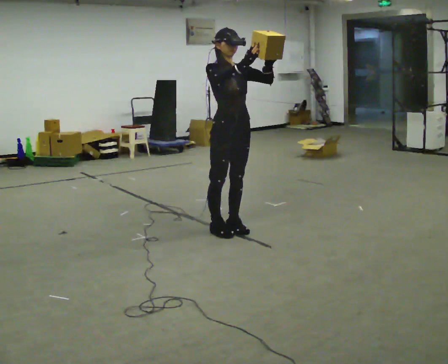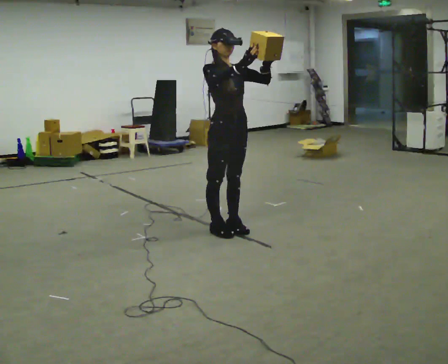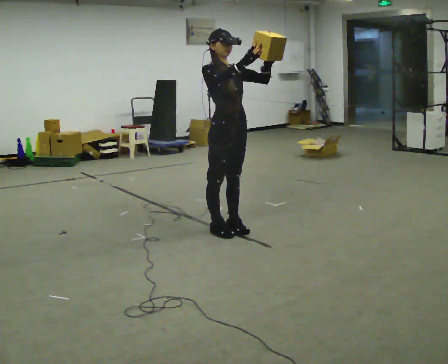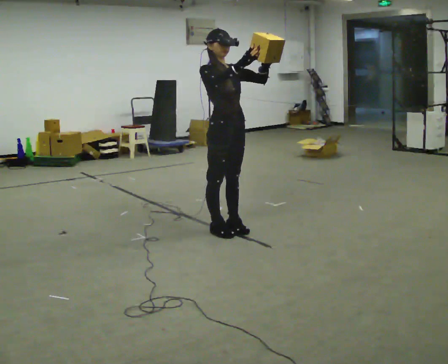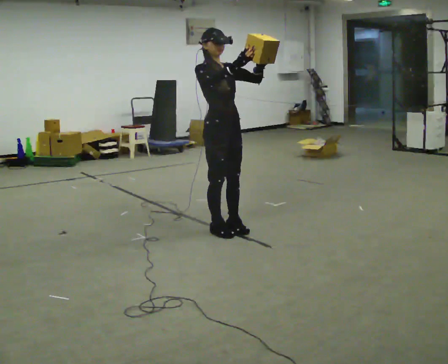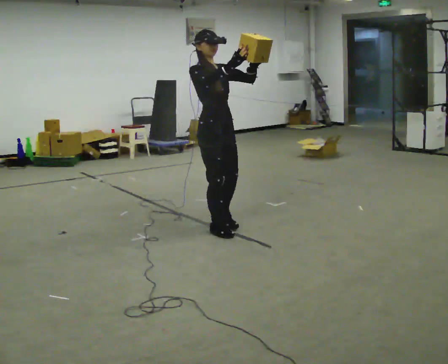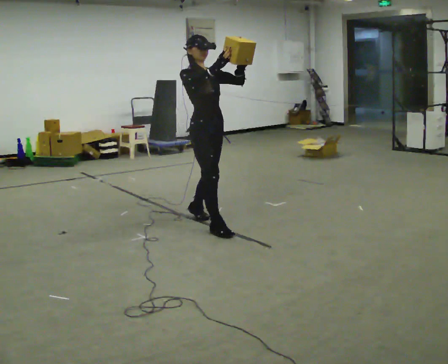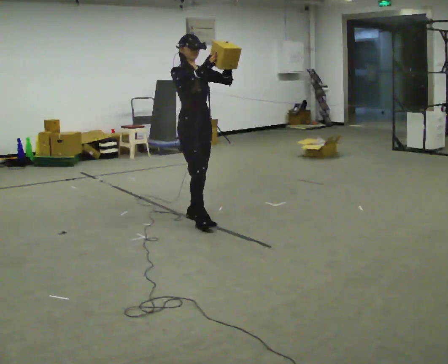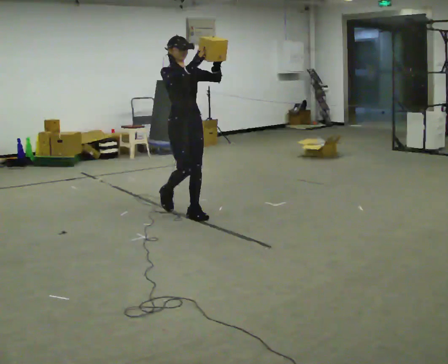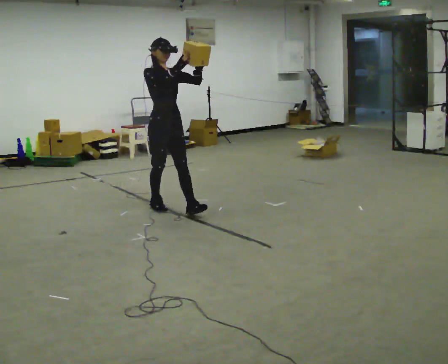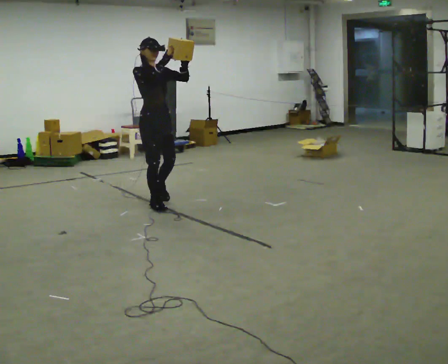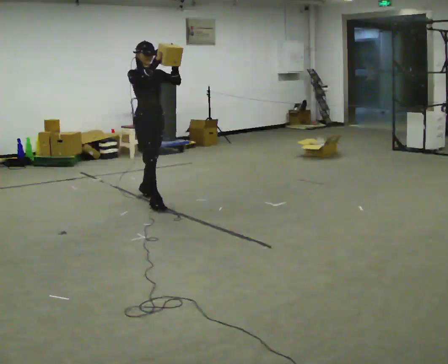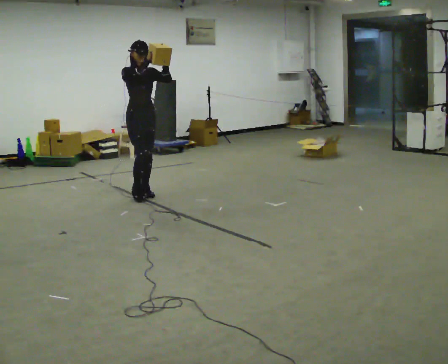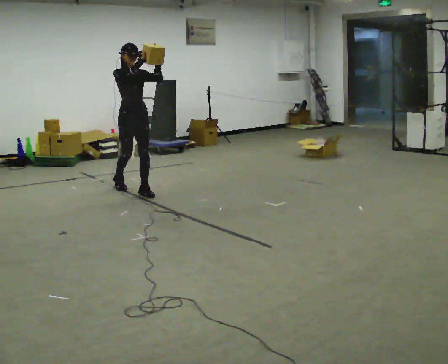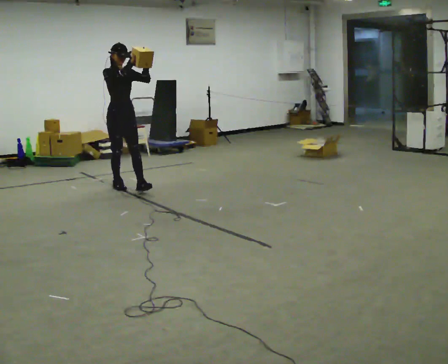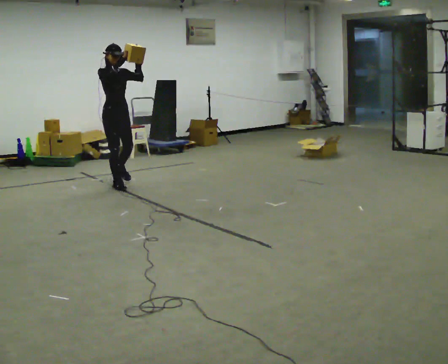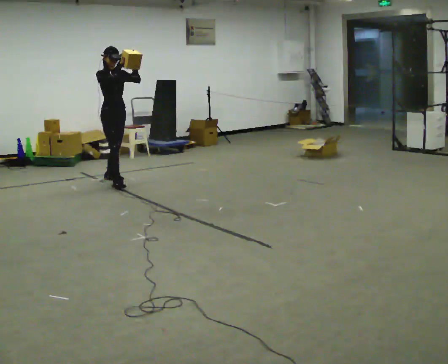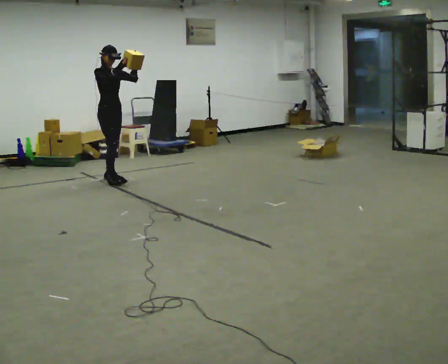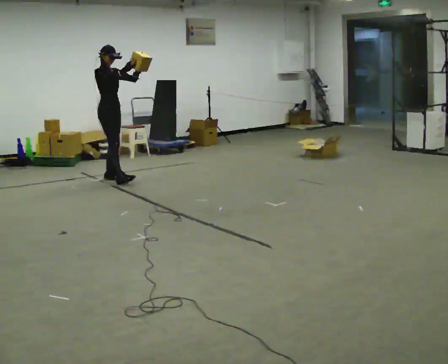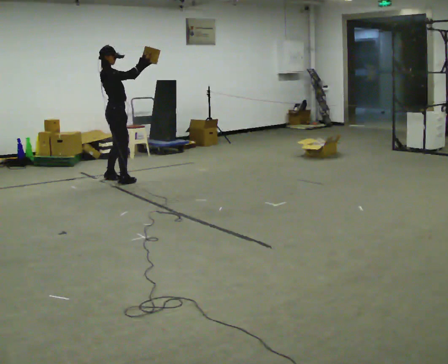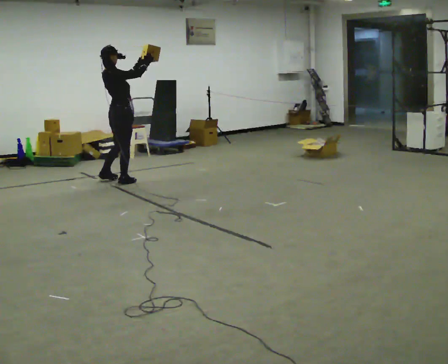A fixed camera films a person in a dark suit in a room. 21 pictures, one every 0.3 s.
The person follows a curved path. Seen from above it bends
clockwise.
The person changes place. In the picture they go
away from the camera.
0.0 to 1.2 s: The person moves a little, or ends about where they began.
1.2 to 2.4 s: In the picture they go away from the camera and to the left, about 0.5 m in 2 steps, which for them is backward.
2.4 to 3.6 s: In the picture they go away from the camera and to the left, about 1 m in 2 steps, which for them is backward.
3.6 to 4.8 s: In the picture they go away from the camera and to the left, about 0.5 m in 1 step, which for them is backward.
4.8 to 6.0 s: The part of the body nearest the lens slides to the right as the person turns to their left by about 75 degrees. In the picture their right hand goes to the right.
The film runs backward here.
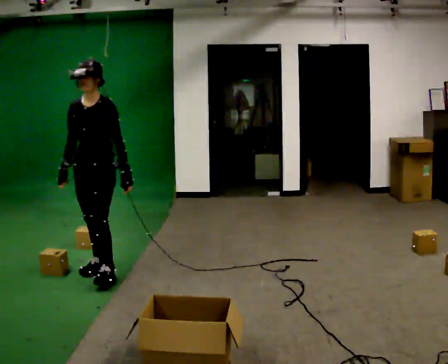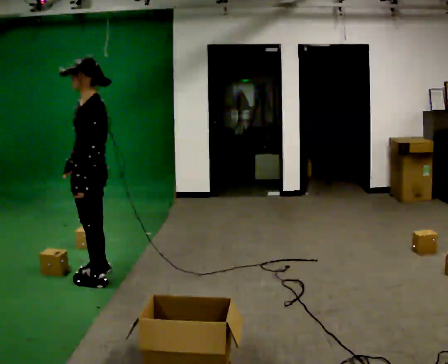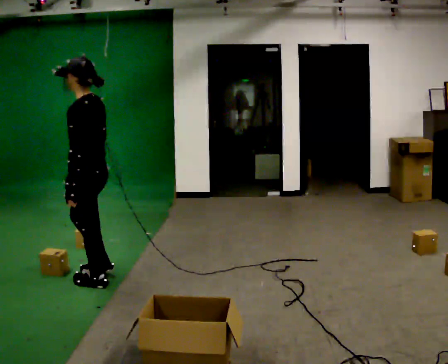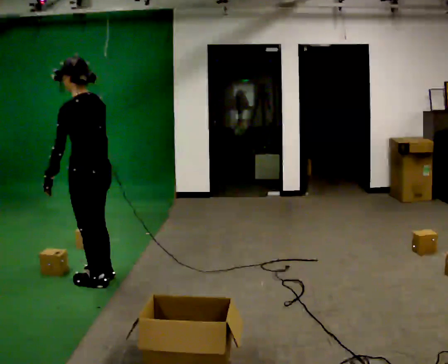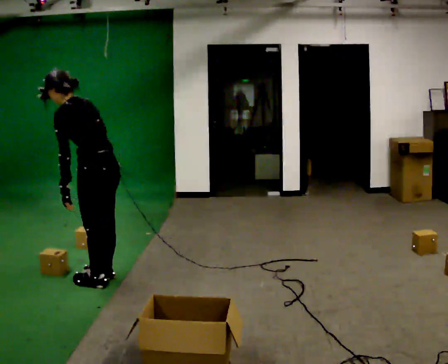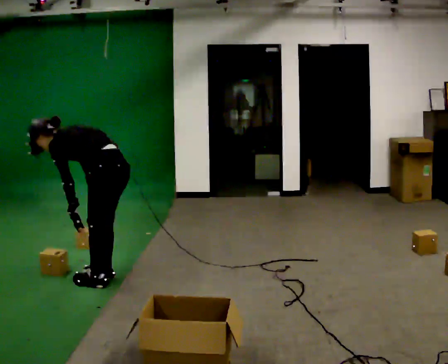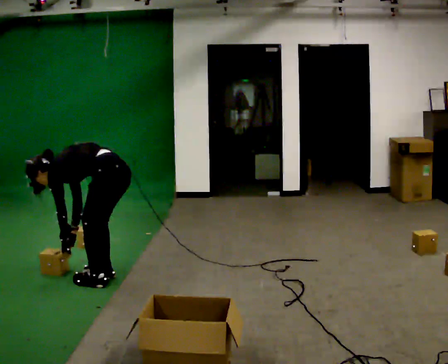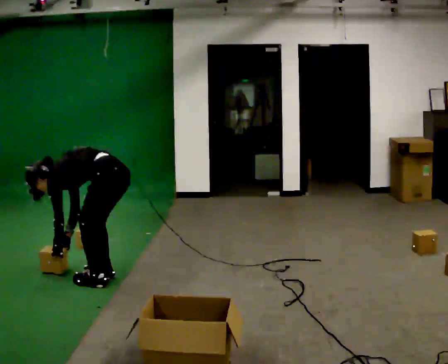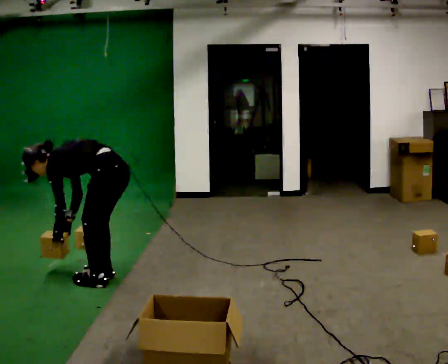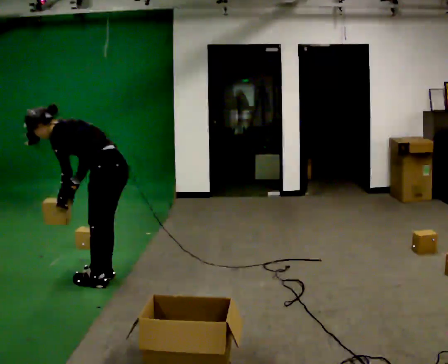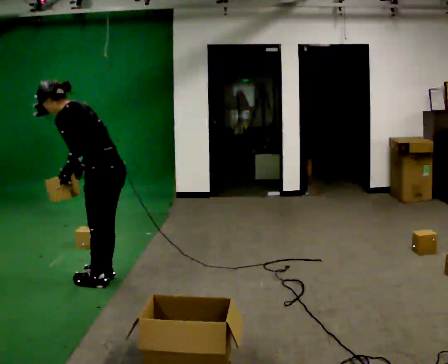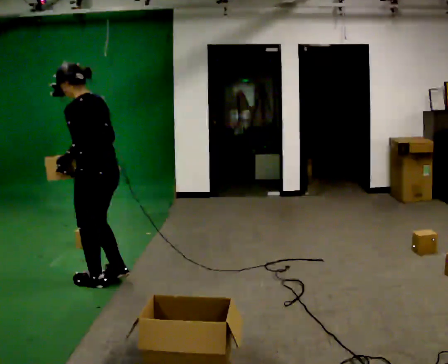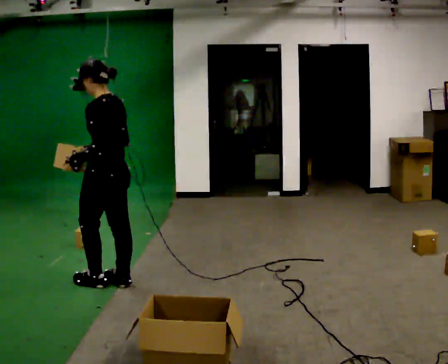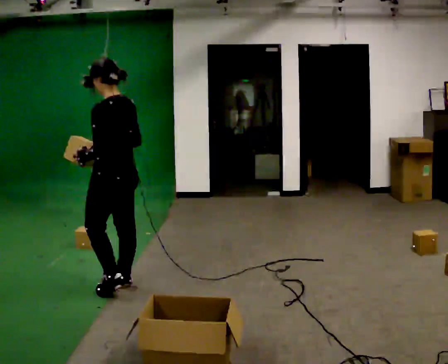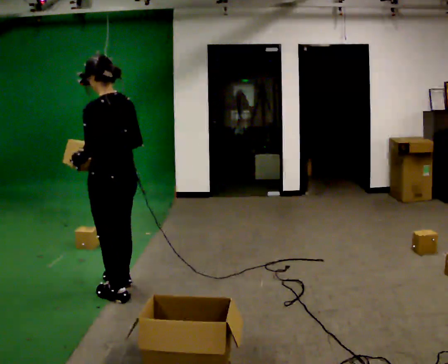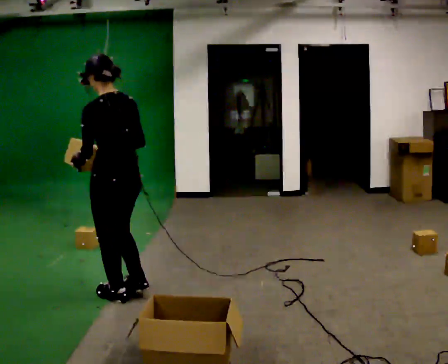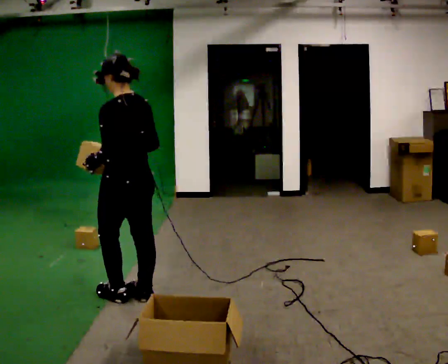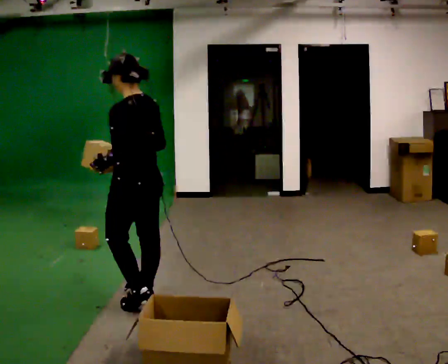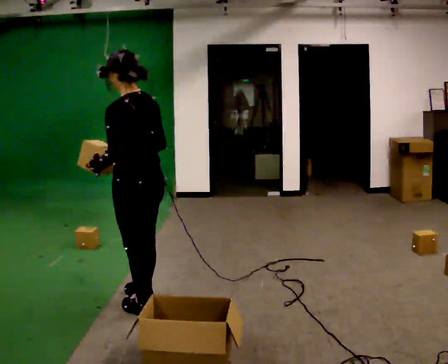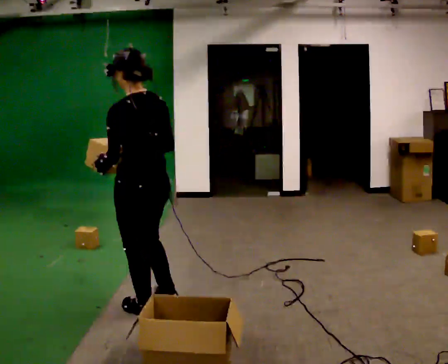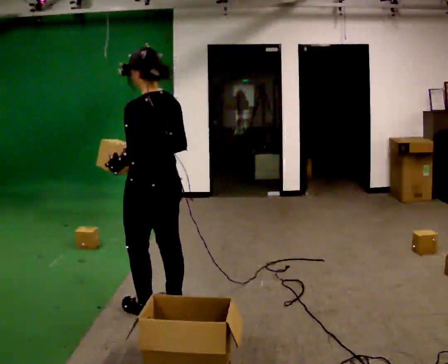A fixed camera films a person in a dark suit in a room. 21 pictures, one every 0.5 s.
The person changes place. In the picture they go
toward the camera.
0.0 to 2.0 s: Seen from above the body turns clockwise, about 90 degrees: to their right, with its near side sliding to the left. In the picture they go toward the camera, about 0.25 m in 1 step. In the picture the upper body tilts counterclockwise, shoulders to the left, as they bend forward. In the picture their right hand goes to the right, the arm swinging counterclockwise.
2.0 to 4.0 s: In the picture the upper body tilts counterclockwise, shoulders to the left, as they bend forward. In the picture their right hand goes downward.
4.0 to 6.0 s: The shoulders move upward. In the picture the upper body tilts clockwise, shoulders to the right, as they lean back or straighten. In the picture their left hand goes upward.
6.0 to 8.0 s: In the picture they go toward the camera, about 0.25 m in 2 steps, which for them is backward.
8.0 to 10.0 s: In the picture they go toward the camera, about 0.25 m in 2 steps, which for them is backward.
The film runs backward here.

---

#### [EXERCISE DIRECTIONS]
Please reproduce the listing exactly, leaving out any pictures.

#### [SOLUTION]
A fixed camera films a person in a dark suit in a room. 21 pictures, one every 0.3 s.
The person follows a curved path. Seen from above it bends
clockwise.
The person changes place. In the picture they go
away from the camera.
0.0 to 1.2 s: The person moves a little, or ends about where they began.
1.2 to 2.4 s: In the picture they go away from the camera and to the left, about 0.5 m in 2 steps, which for them is backward.
2.4 to 3.6 s: In the picture they go away from the camera and to the left, about 1 m in 2 steps, which for them is backward.
3.6 to 4.8 s: In the picture they go away from the camera and to the left, about 0.5 m in 1 step, which for them is backward.
4.8 to 6.0 s: The part of the body nearest the lens slides to the right as the person turns to their left by about 75 degrees. In the picture their right hand goes to the right.
The film runs backward here.
A fixed camera films a person in a dark suit in a room. 21 pictures, one every 0.5 s.
The person changes place. In the picture they go
toward the camera.
0.0 to 2.0 s: Seen from above the body turns clockwise, about 90 degrees: to their right, with its near side sliding to the left. In the picture they go toward the camera, about 0.25 m in 1 step. In the picture the upper body tilts counterclockwise, shoulders to the left, as they bend forward. In the picture their right hand goes to the right, the arm swinging counterclockwise.
2.0 to 4.0 s: In the picture the upper body tilts counterclockwise, shoulders to the left, as they bend forward. In the picture their right hand goes downward.
4.0 to 6.0 s: The shoulders move upward. In the picture the upper body tilts clockwise, shoulders to the right, as they lean back or straighten. In the picture their left hand goes upward.
6.0 to 8.0 s: In the picture they go toward the camera, about 0.25 m in 2 steps, which for them is backward.
8.0 to 10.0 s: In the picture they go toward the camera, about 0.25 m in 2 steps, which for them is backward.
The film runs backward here.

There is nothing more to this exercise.